I am only an email or phone call (web site contact) away for those desiring support in the pursuit of better outcomes.

Barry Friedberg

I just read the first thread -- very interesting. Why was aghast1 banned? I thought his ideas (based on this post) were pretty good and sound. I like them. No opioids. clonidine presedation. Titrate propofol to BIS and keep the patient breathing - then use some ketamine for analgesia and he says disassociation. Pretty nifty idea.

In fact, he probably was a victim of his huge success. He was so good at titrating - keeping the patient spontaneously breathing, etc - that when he had a problem, he probably couldn't get himself to believe it. 15 years of doing the same thing, getting excellent results - it would be hard to then accept that this one single patient stopped breathing and was having trouble.
 
This is more evidence that Friedberg was and is too flippant about inserting an airway such as an LMA when using his Ketafol. I actually enjoyed his posts and began using Ketamine/Propofol quite frequently a few years back as a result of his posts. Where we disagreed was over the insertion of an LMA or ETT for many "deep sedation" cases that Barry felt simply warranted a nasal cannula. He also used the BIS too much for my tastes but I suspect secondary gain for much of his BIS propaganda.

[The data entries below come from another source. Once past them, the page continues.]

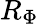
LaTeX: R_{\Phi}
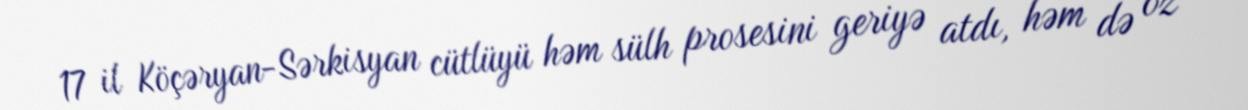
17 il Köçəryan-Sərkisyan cütlüyü həm sülh prosesini geriyə atdı, həm də öz
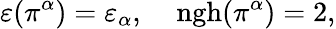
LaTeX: \varepsilon(\pi^{\alpha})=\varepsilon_{\alpha},\; \; \; \; \mathrm{ngh}(\pi^{\alpha})=2,
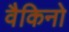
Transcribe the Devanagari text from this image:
वैकिनो
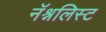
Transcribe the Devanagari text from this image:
नॅश्नलिस्ट
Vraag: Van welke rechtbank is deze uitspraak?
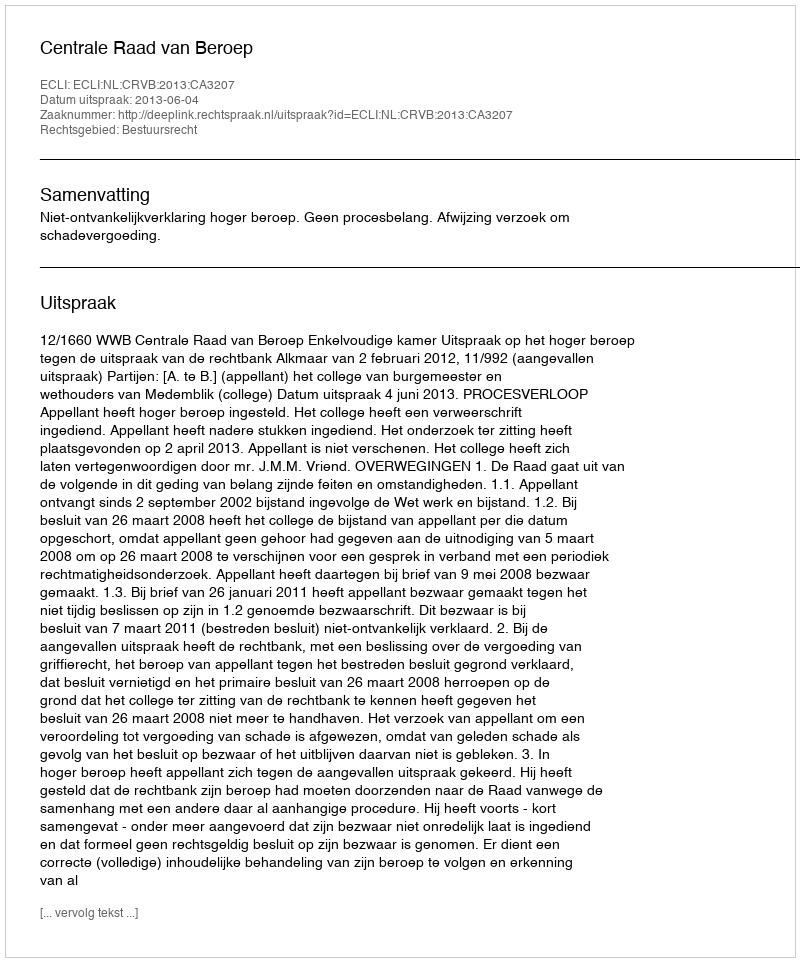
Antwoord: Centrale Raad van Beroep
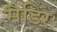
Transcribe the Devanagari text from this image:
सैडिर
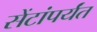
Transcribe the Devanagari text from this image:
सेंटांपर्यंत
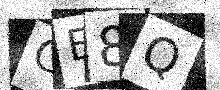
Text: GE8Q
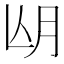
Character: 𣍢
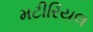
મટીરિયલ
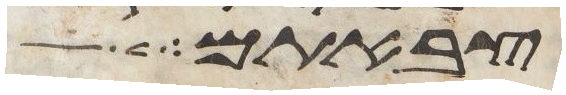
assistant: צבאתם
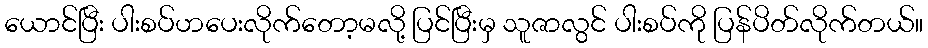
ယောင်ပြီး ပါးစပ်ဟပေးလိုက်တော့မလို့ ပြင်ပြီးမှ သူဇာလွင် ပါးစပ်ကို ပြန်ပိတ်လိုက်တယ်။
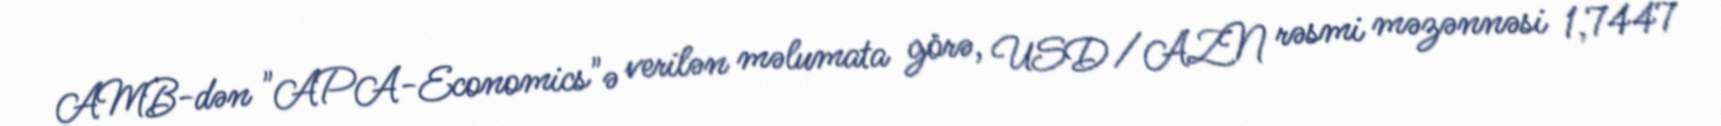
AMB-dən "APA-Economics"ə verilən məlumata görə, USD/AZN rəsmi məzənnəsi 1,7447
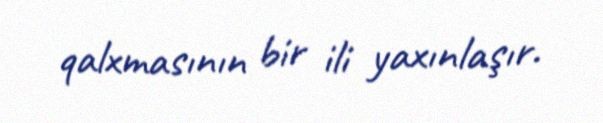
qalxmasının bir ili yaxınlaşır.
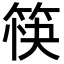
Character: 筷
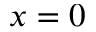
x = 0
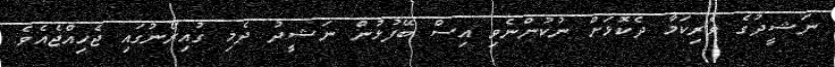
ނަޝީދުގެ ވެރިކަމާ ދެކޮޅަށް ނުކުންނެވި އިސް ބޭފުޅުން ނަޝީދު ދެމި ގުއިރޯނުގައި ޖެހިއްޖެއެވެ.
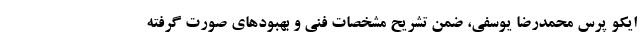
ایکو پرس محمدرضا یوسفی، ضمن تشریح مشخصات فنی و بهبودهای صورت گرفته
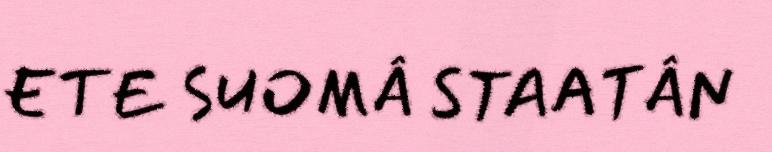
ETE SUOMÂ STAATÂN
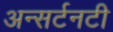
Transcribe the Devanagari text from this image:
अन्सर्टनटी
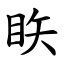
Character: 䀢
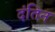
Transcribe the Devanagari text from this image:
दंतिन
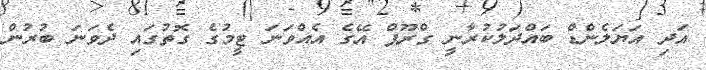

It is interesting to note that had starts out the conversation talking about some avoidable deaths that really got him thinking and starting to do his "method".....full circle.

Also, very interesting to me that he wanted to avoid LMA so he didn't have to call it general anesthesia to avoid some of implications that brings.
 
Take a look at the 20 page CA med board ruling.
This guy was a disgrace, and this tragedy was quite predictable.
This is a dangerous game. When you forget that, your house burns down with you in it.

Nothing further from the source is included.